(Data entries)

>>>>>

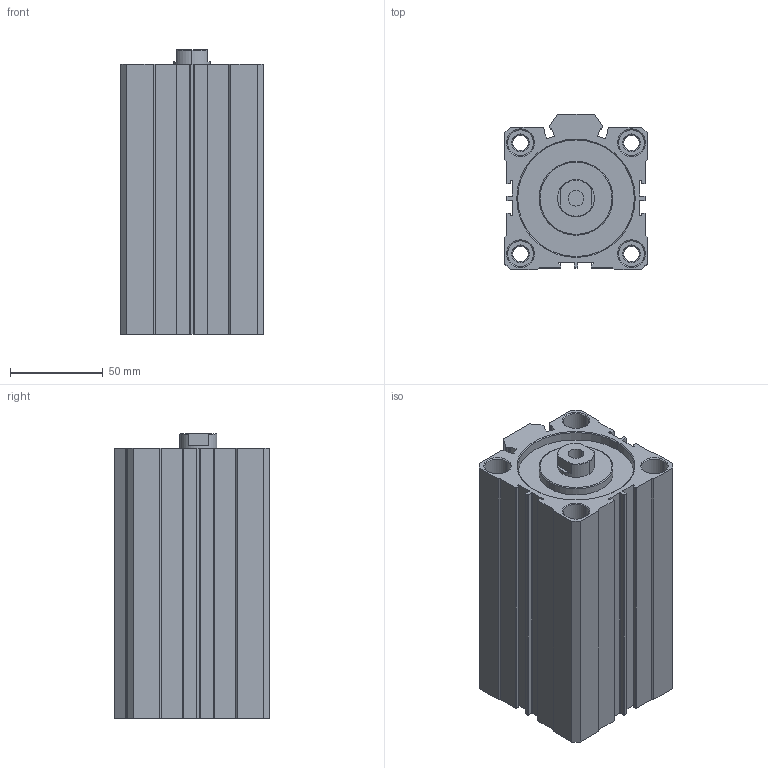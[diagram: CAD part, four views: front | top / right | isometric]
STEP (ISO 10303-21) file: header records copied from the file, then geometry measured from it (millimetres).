
FILE_DESCRIPTION (( 'STEP AP203' ), '1' );
FILE_NAME ('H63M100MD-M.step', '2015-12-02T21:16:27', ( '' ), ( '' ), 'SwSTEP 2.0', 'SolidWorks 2015', '' );
FILE_SCHEMA (( 'CONFIG_CONTROL_DESIGN' ));
Length unit declared in the file: millimetre
Products named in the file (3): H63M100MD-M-BODY; H63M100MD-M-PISTON; H63M100MD-M
Assembly tree (2 placements, depth 2):
  H63M100MD-M
    H63M100MD-M-BODY
    H63M100MD-M-PISTON
Bounding box: 77 x 84 x 154 mm (x, y, z)
Volume: 500292.7 mm3; surface area: 137659.9 mm2
Topology: 2 solids, 2 shells, 255 faces, 643 edges, 413 vertices
Faces by surface type: cylinder 103, plane 99, cone 51, torus 2
Entity records: 8015 total; most frequent: DIRECTION 1428, CARTESIAN_POINT 1328, ORIENTED_EDGE 1286, EDGE_CURVE 643, AXIS2_PLACEMENT_3D 529, VERTEX_POINT 413, LINE 370, VECTOR 370

<<<<<

- [WORK ORDER] Your reply should be the full data above, copied exactly, with no pictures in it.

- [WORKED SOLUTION]
[diagram: CAD part, four views: front | top / right | isometric]
STEP (ISO 10303-21) file: header records copied from the file, then geometry measured from it (millimetres).
FILE_DESCRIPTION (( 'STEP AP203' ), '1' );
FILE_NAME ('H63M100MD-M.step', '2015-12-02T21:16:27', ( '' ), ( '' ), 'SwSTEP 2.0', 'SolidWorks 2015', '' );
FILE_SCHEMA (( 'CONFIG_CONTROL_DESIGN' ));
Length unit declared in the file: millimetre
Products named in the file (3): H63M100MD-M-BODY; H63M100MD-M-PISTON; H63M100MD-M
Assembly tree (2 placements, depth 2):
  H63M100MD-M
    H63M100MD-M-BODY
    H63M100MD-M-PISTON
Bounding box: 77 x 84 x 154 mm (x, y, z)
Volume: 500292.7 mm3; surface area: 137659.9 mm2
Topology: 2 solids, 2 shells, 255 faces, 643 edges, 413 vertices
Faces by surface type: cylinder 103, plane 99, cone 51, torus 2
Entity records: 8015 total; most frequent: DIRECTION 1428, CARTESIAN_POINT 1328, ORIENTED_EDGE 1286, EDGE_CURVE 643, AXIS2_PLACEMENT_3D 529, VERTEX_POINT 413, LINE 370, VECTOR 370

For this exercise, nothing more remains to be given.